What is being asked - Give the listing again character for character, but drop the images.

Task material -
########
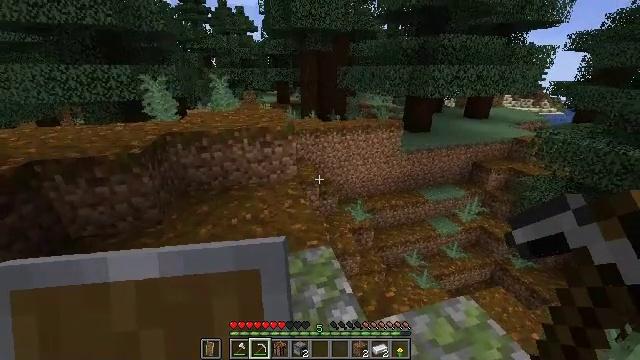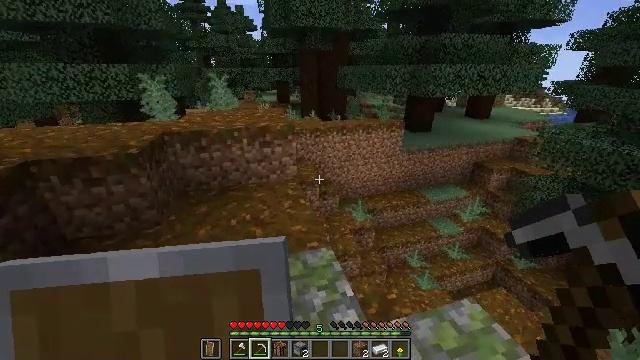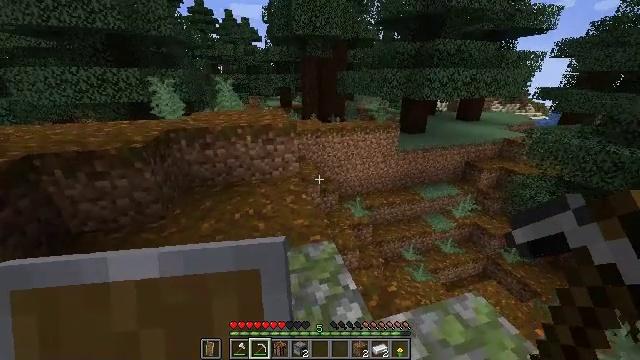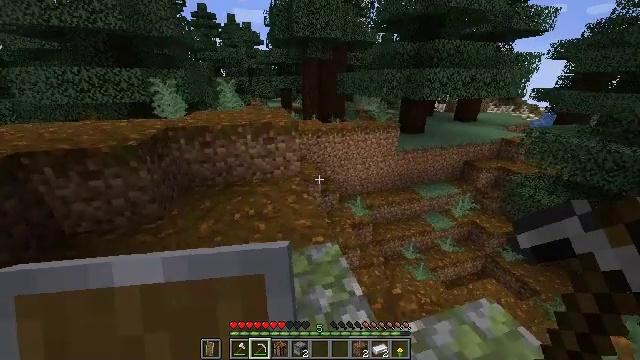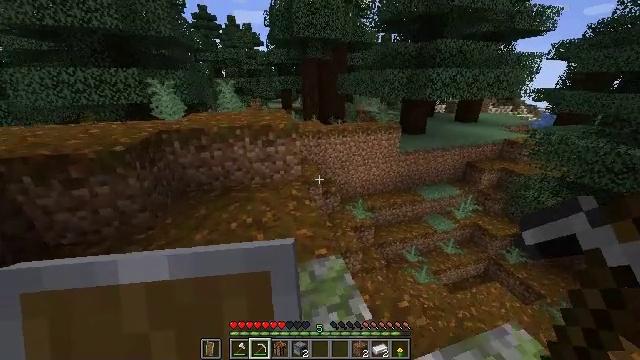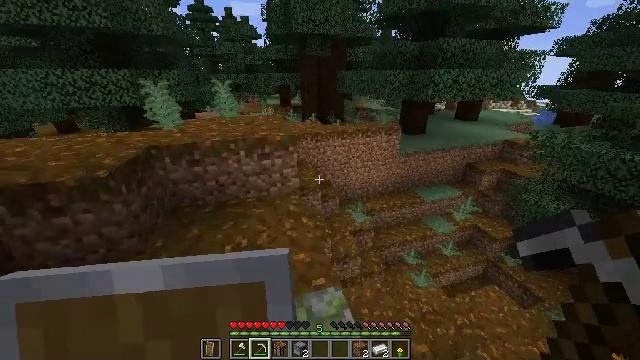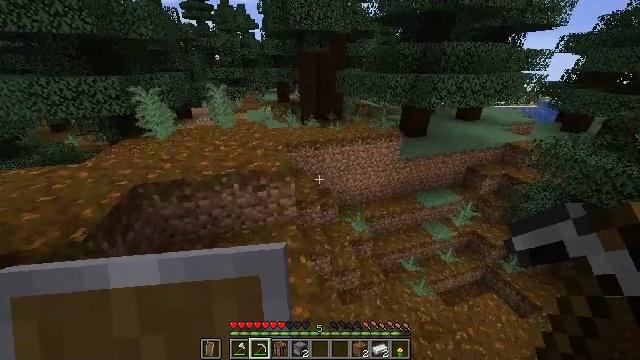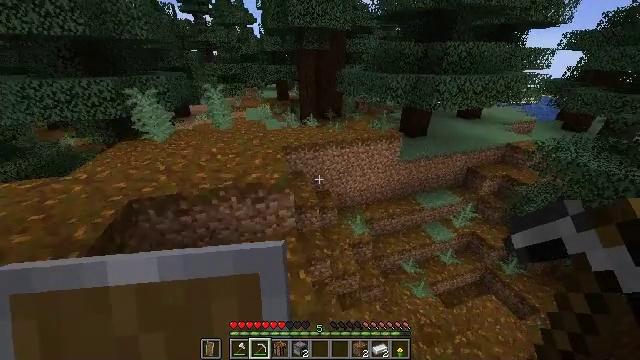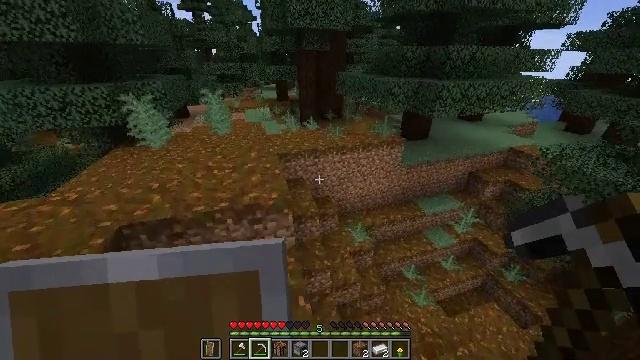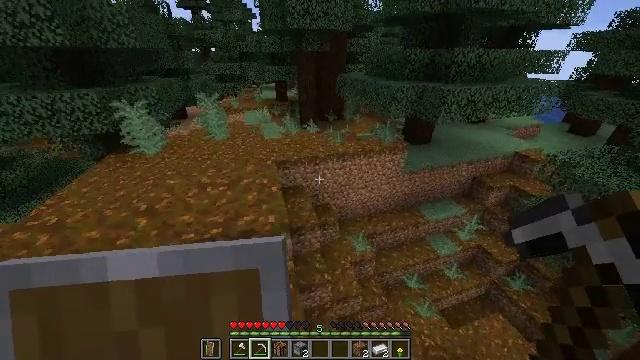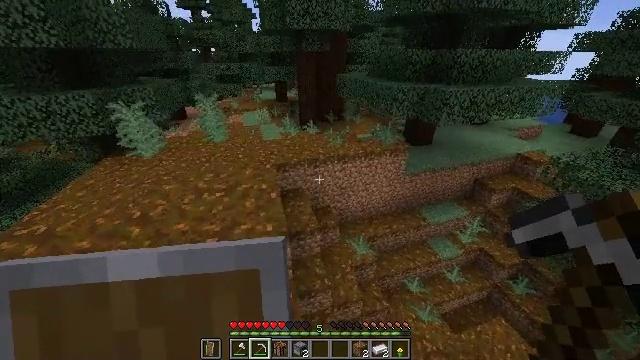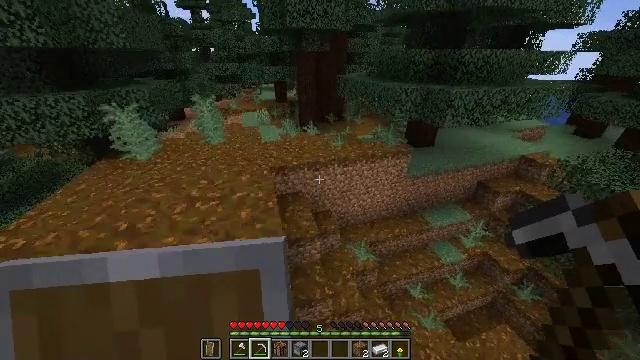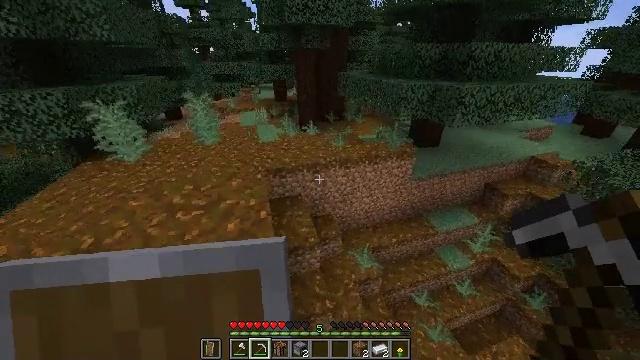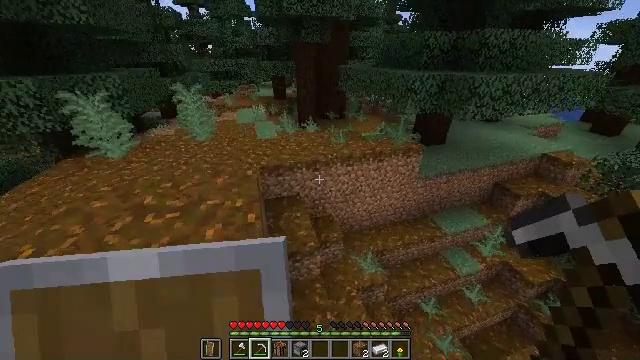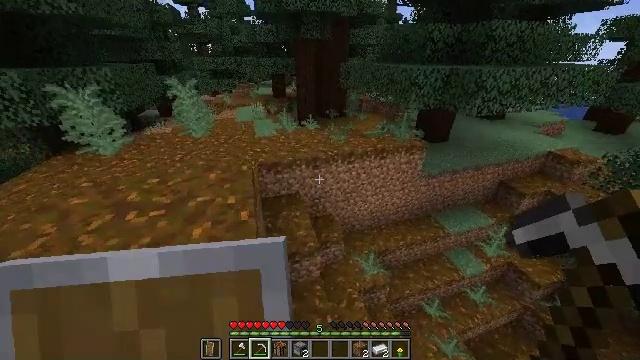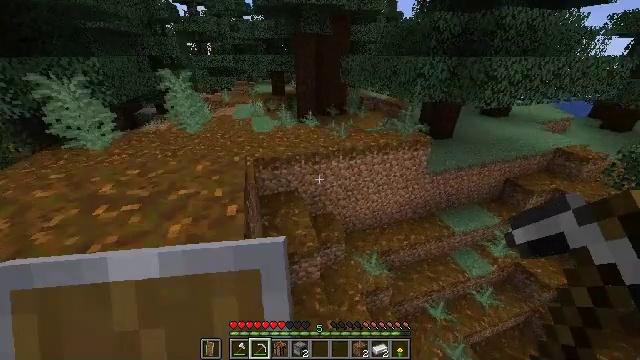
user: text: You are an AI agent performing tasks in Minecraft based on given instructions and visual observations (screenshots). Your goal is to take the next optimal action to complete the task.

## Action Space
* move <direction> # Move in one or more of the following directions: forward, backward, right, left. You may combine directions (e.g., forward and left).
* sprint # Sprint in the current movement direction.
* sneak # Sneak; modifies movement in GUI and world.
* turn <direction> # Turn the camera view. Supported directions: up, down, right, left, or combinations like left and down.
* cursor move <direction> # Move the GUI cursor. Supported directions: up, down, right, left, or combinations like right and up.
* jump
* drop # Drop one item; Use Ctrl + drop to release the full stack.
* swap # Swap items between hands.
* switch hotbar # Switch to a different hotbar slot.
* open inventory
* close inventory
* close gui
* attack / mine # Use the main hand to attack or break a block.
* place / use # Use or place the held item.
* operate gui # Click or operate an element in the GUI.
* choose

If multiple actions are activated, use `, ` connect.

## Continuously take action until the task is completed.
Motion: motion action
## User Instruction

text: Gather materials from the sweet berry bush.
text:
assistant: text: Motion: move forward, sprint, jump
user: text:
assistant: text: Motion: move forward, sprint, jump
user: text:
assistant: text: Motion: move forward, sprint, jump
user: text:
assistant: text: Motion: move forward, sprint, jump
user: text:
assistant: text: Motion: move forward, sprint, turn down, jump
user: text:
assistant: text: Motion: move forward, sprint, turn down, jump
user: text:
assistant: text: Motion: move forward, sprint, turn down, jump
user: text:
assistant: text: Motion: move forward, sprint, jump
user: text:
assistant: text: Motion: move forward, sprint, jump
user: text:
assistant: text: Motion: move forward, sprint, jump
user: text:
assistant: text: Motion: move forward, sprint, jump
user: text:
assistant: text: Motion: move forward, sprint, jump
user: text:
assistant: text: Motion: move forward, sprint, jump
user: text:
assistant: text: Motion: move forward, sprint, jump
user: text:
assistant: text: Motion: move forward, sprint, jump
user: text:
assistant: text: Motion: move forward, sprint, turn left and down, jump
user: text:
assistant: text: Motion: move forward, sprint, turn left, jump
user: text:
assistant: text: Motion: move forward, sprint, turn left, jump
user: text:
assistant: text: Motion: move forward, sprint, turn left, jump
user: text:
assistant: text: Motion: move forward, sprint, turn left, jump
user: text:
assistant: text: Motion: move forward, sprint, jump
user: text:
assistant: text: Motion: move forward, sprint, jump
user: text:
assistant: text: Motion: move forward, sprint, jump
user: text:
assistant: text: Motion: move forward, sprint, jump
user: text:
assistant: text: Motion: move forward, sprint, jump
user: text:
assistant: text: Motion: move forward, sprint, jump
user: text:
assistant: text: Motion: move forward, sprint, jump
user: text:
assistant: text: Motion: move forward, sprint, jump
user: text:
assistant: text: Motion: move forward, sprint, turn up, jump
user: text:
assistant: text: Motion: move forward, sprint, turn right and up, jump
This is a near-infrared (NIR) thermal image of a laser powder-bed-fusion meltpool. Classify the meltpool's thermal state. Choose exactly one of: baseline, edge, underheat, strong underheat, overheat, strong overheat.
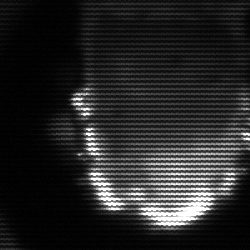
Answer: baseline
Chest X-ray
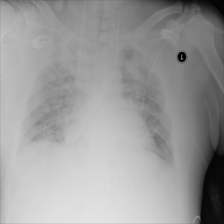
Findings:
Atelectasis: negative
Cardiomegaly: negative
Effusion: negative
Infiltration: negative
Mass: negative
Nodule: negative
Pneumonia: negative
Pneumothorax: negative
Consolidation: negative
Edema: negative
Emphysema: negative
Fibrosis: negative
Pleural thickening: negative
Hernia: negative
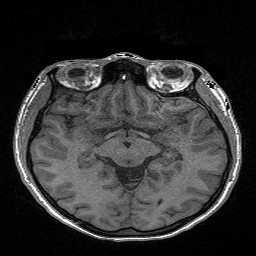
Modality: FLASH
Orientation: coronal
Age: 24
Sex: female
########
Exercise response -
user: text: You are an AI agent performing tasks in Minecraft based on given instructions and visual observations (screenshots). Your goal is to take the next optimal action to complete the task.

## Action Space
* move <direction> # Move in one or more of the following directions: forward, backward, right, left. You may combine directions (e.g., forward and left).
* sprint # Sprint in the current movement direction.
* sneak # Sneak; modifies movement in GUI and world.
* turn <direction> # Turn the camera view. Supported directions: up, down, right, left, or combinations like left and down.
* cursor move <direction> # Move the GUI cursor. Supported directions: up, down, right, left, or combinations like right and up.
* jump
* drop # Drop one item; Use Ctrl + drop to release the full stack.
* swap # Swap items between hands.
* switch hotbar # Switch to a different hotbar slot.
* open inventory
* close inventory
* close gui
* attack / mine # Use the main hand to attack or break a block.
* place / use # Use or place the held item.
* operate gui # Click or operate an element in the GUI.
* choose

If multiple actions are activated, use `, ` connect.

## Continuously take action until the task is completed.
Motion: motion action
## User Instruction

text: Gather materials from the sweet berry bush.
text:
assistant: text: Motion: move forward, sprint, jump
user: text:
assistant: text: Motion: move forward, sprint, jump
user: text:
assistant: text: Motion: move forward, sprint, jump
user: text:
assistant: text: Motion: move forward, sprint, jump
user: text:
assistant: text: Motion: move forward, sprint, turn down, jump
user: text:
assistant: text: Motion: move forward, sprint, turn down, jump
user: text:
assistant: text: Motion: move forward, sprint, turn down, jump
user: text:
assistant: text: Motion: move forward, sprint, jump
user: text:
assistant: text: Motion: move forward, sprint, jump
user: text:
assistant: text: Motion: move forward, sprint, jump
user: text:
assistant: text: Motion: move forward, sprint, jump
user: text:
assistant: text: Motion: move forward, sprint, jump
user: text:
assistant: text: Motion: move forward, sprint, jump
user: text:
assistant: text: Motion: move forward, sprint, jump
user: text:
assistant: text: Motion: move forward, sprint, jump
user: text:
assistant: text: Motion: move forward, sprint, turn left and down, jump
user: text:
assistant: text: Motion: move forward, sprint, turn left, jump
user: text:
assistant: text: Motion: move forward, sprint, turn left, jump
user: text:
assistant: text: Motion: move forward, sprint, turn left, jump
user: text:
assistant: text: Motion: move forward, sprint, turn left, jump
user: text:
assistant: text: Motion: move forward, sprint, jump
user: text:
assistant: text: Motion: move forward, sprint, jump
user: text:
assistant: text: Motion: move forward, sprint, jump
user: text:
assistant: text: Motion: move forward, sprint, jump
user: text:
assistant: text: Motion: move forward, sprint, jump
user: text:
assistant: text: Motion: move forward, sprint, jump
user: text:
assistant: text: Motion: move forward, sprint, jump
user: text:
assistant: text: Motion: move forward, sprint, jump
user: text:
assistant: text: Motion: move forward, sprint, turn up, jump
user: text:
assistant: text: Motion: move forward, sprint, turn right and up, jump
This is a near-infrared (NIR) thermal image of a laser powder-bed-fusion meltpool. Classify the meltpool's thermal state. Choose exactly one of: baseline, edge, underheat, strong underheat, overheat, strong overheat.
Answer: baseline
Chest X-ray
Findings:
Atelectasis: negative
Cardiomegaly: negative
Effusion: negative
Infiltration: negative
Mass: negative
Nodule: negative
Pneumonia: negative
Pneumothorax: negative
Consolidation: negative
Edema: negative
Emphysema: negative
Fibrosis: negative
Pleural thickening: negative
Hernia: negative
Modality: FLASH
Orientation: coronal
Age: 24
Sex: female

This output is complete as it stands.